For the John Templeton Foundation, I wrote about a new toolkit for activists.

In September of 2016, brothers Mehmet and Ahmet Altan were detained by the Turkish government on the charge of allegedly giving subliminal messages “suggestive” of the coup attempt that had happened three months earlier during a television panel. The Altans, who are both journalists and literary writers, were among many writers and public intellectuals imprisoned or threatened with arrest following the coup attempt. In 2019, Ahmet Altan published a memoir from prison entitled I Will Never See the World Again. In it he writes, “You can imprison me but you cannot keep me here. Because like all writers, I have magic.”

Around the world, hundreds of writers, academics and public intellectuals are currently being imprisoned, harassed or threatened with detention or violence in connection with their work or their related activism.
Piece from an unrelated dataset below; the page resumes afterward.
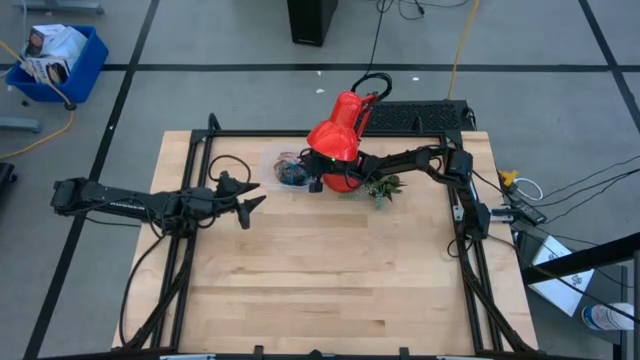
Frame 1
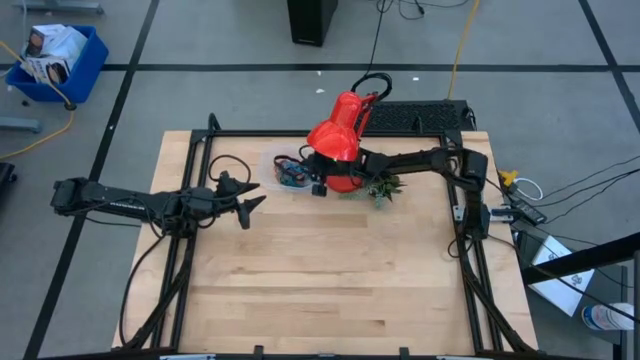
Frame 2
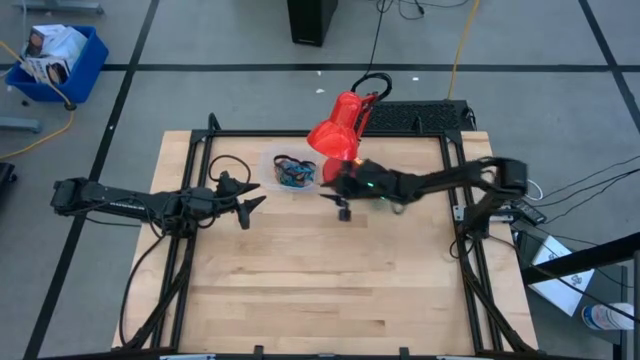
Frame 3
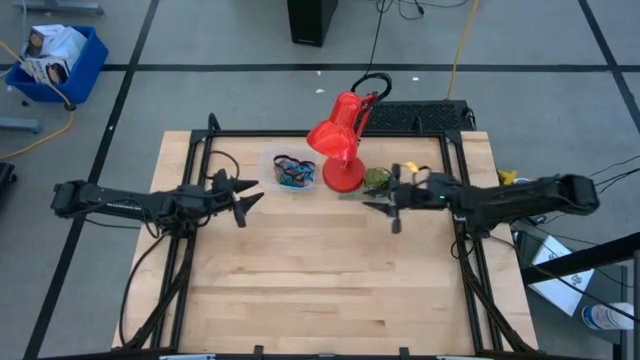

In May of 2020, PEN America released its first annual Freedom to Write Index, documenting at least 238 such writers — the majority of whom were in just three countries: China, Saudi Arabia, and Turkey. In addition to the Freedom to Write Index’s annual summation — the 2020 edition is currently being finalized for release in Spring 2021 — PEN America simultaneously launched the Writers at Risk Database, an ongoing searchable public record of cases (currently numbering more than 600) involving writers and intellectuals whose freedom has been threatened or taken away on account of their work. Both initiatives were funded by a two-year grant from the John Templeton Foundation.